Garcia leaves FIFA in protest
Michael Garcia, the investigator behind the report into the 2018/2022 World Cup bidding process has resigned in protest over FIFA’s handling of his report.
Head of the investigatory chamber of FIFA’s Ethics Committee, Michael Garcia, has resigned from his post after FIFA’s Disciplinary Committee dismissed his appeal against the summary of the 430-page report that Hans Joachim Eckert, head of the Ethics Committee’s adjudicatory chamber, issued on 13 November 2014.
In the appeal, Garcia calls Eckert’s summary of his report on the 2018/2022 World Cup bidding process "incomplete and erroneous".
The resignation from Garcia comes in a statement issued after the FIFA Disciplinary Committee in its decision said that since the Eckert statement “does not constitute a decision”, it is “neither legally binding nor appealable”.
In the written resignation, the American lawyer calls the leadership of the international football body into doubt.
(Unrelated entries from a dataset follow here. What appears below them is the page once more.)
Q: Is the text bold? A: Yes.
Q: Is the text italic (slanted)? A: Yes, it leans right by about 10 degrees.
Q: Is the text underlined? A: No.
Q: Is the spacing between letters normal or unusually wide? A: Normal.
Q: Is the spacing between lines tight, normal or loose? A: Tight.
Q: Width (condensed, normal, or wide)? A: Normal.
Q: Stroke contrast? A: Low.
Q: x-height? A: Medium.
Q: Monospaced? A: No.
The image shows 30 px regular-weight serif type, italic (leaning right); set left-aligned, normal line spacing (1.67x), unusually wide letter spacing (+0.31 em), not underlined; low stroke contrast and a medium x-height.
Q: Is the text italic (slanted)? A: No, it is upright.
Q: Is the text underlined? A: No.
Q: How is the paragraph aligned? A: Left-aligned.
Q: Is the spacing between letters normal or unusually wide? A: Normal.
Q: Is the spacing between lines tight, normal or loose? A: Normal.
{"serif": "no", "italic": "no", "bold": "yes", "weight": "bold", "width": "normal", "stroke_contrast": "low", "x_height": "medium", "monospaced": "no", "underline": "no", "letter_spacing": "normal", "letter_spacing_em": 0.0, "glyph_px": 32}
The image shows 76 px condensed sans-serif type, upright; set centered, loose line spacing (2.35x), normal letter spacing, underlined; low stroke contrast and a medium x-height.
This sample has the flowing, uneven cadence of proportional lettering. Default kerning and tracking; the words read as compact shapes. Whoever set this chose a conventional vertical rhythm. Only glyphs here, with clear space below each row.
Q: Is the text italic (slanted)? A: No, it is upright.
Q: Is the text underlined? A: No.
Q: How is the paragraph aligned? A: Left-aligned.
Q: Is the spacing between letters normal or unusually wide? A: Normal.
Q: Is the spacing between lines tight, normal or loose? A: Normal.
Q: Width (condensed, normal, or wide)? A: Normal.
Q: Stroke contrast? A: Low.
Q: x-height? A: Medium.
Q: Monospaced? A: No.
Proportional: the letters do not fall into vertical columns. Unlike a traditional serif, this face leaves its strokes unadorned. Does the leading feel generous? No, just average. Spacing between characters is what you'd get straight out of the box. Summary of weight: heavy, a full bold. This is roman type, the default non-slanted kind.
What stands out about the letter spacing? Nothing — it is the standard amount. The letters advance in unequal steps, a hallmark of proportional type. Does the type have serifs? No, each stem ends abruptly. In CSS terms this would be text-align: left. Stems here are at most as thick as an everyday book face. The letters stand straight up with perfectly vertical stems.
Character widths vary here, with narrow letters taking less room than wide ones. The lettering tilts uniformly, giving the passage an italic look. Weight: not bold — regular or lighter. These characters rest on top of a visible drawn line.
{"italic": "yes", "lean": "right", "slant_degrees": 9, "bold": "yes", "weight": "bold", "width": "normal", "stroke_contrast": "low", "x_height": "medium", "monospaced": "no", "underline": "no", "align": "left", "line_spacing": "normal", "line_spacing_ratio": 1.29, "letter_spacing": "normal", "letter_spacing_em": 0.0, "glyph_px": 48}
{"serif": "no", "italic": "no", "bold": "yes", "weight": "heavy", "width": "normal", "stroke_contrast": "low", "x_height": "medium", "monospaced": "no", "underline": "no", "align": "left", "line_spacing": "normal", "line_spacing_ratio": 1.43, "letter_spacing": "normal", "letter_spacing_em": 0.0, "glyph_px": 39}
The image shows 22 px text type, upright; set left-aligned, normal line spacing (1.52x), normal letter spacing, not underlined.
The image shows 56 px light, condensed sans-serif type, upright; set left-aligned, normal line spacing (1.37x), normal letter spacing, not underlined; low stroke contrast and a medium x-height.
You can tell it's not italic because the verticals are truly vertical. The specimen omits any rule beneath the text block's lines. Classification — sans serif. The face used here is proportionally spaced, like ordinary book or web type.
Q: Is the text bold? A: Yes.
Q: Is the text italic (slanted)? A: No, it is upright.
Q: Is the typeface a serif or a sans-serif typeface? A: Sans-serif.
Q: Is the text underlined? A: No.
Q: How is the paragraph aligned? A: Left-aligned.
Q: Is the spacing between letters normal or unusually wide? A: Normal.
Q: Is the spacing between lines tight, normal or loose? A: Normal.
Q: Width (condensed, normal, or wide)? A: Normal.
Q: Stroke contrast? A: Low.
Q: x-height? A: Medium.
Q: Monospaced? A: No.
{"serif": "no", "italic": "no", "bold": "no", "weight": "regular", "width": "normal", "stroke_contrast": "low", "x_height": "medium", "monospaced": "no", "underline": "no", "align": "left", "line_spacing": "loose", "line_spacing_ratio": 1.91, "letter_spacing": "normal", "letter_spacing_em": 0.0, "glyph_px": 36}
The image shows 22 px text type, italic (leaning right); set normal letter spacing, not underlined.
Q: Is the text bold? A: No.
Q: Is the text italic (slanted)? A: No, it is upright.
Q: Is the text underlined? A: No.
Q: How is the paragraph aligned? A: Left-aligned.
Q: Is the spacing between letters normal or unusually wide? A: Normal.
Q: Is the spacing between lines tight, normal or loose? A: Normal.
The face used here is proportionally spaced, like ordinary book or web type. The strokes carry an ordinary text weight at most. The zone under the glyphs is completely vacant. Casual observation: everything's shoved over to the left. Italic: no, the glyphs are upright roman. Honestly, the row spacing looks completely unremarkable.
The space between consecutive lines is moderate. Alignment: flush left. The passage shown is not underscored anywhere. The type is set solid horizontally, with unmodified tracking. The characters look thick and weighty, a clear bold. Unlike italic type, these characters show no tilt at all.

“No independent governance committee, investigator, or arbitration panel can change the culture of an organization. And while the November 13, 2014, Eckert Decision made me lose confidence in the independence of the Adjudicatory Chamber, it is the lack of leadership on these issues within FIFA that leads me to conclude that my role in this process is at an end,” Garcia writes in his statement.
FIFA has “taken note” of Garcia’s resignation and, pending the election of a new chairman of the Ethics Committee an acting chairman will be appointed to replace Garcia, says a FIFA press release.
“I am surprised by Mr Garcia’s decision,” says FIFA president Sepp Blatter in the press release.
“The work of the Ethics Committee will nonetheless continue and will be a central part of the discussions at the ExCo meeting in the next two days.”